- [TASK GOAL] All lines from the one bearing "1.0 s has passed since image 1." through the end of the data below must be printed exactly as they stand, with pictures removed.

*** THE INPUT ***

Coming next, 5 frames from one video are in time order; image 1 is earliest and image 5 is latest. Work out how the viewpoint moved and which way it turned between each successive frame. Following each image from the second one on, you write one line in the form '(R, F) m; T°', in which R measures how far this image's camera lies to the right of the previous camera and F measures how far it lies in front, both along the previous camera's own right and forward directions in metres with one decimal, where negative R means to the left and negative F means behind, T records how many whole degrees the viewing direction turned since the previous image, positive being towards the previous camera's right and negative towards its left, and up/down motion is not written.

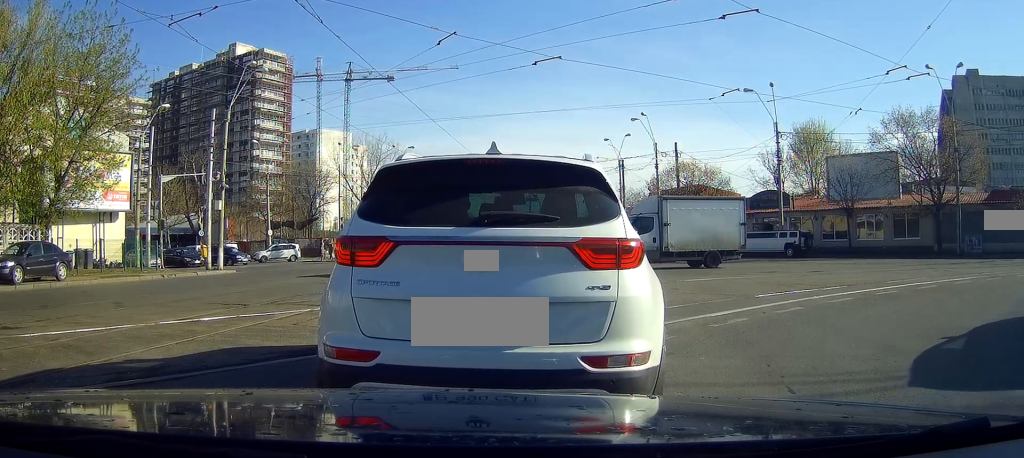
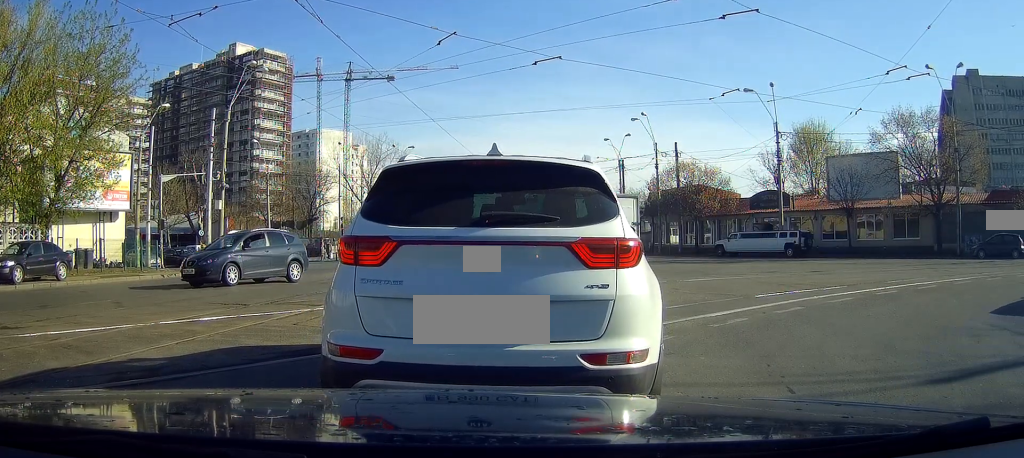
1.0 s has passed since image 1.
(0.0, 0.0) m; 0°
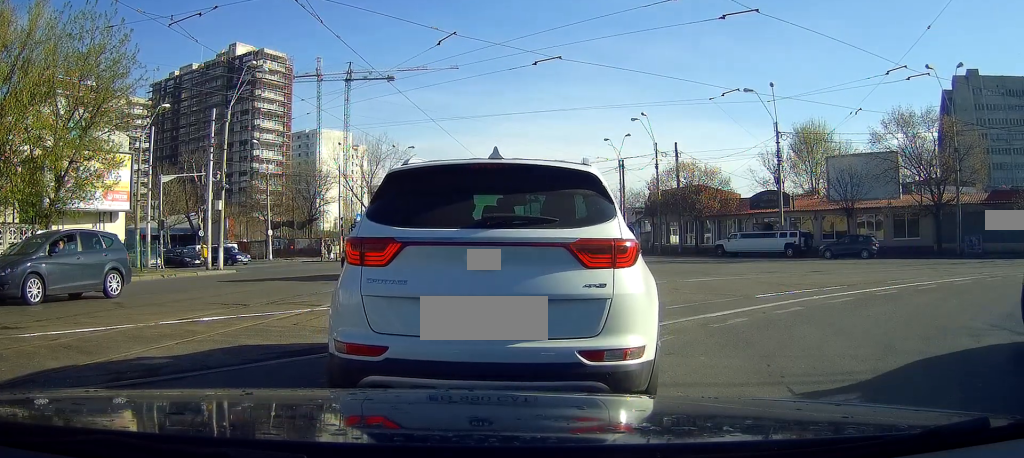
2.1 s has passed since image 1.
(0.0, 0.0) m; 0°
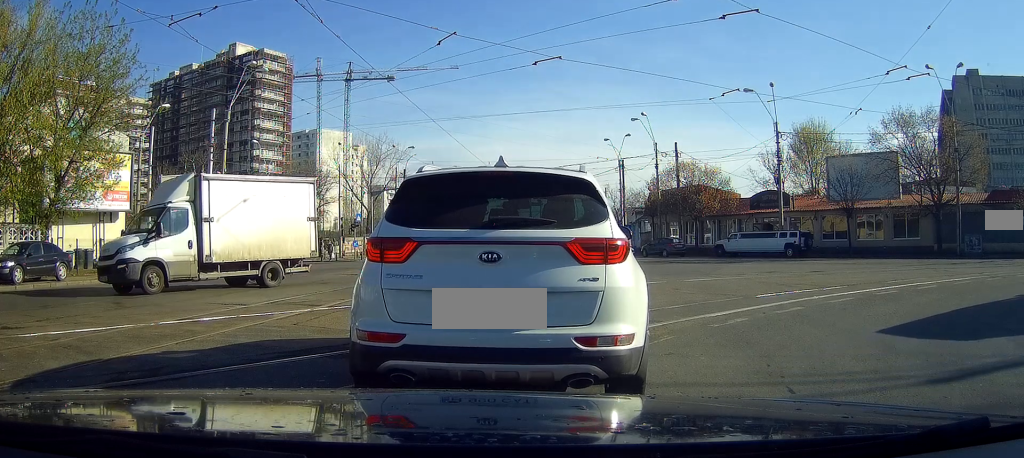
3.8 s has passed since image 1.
(0.0, 0.0) m; 0°
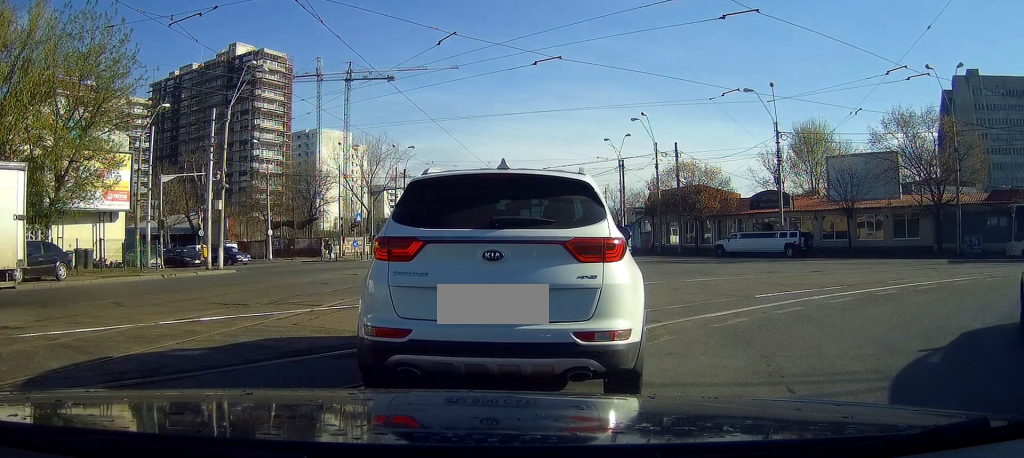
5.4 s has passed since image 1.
(0.0, 0.0) m; 0°

***

- [ANSWER AREA]
1.0 s has passed since image 1.
(0.0, 0.0) m; 0°
2.1 s has passed since image 1.
(0.0, 0.0) m; 0°
3.8 s has passed since image 1.
(0.0, 0.0) m; 0°
5.4 s has passed since image 1.
(0.0, 0.0) m; 0°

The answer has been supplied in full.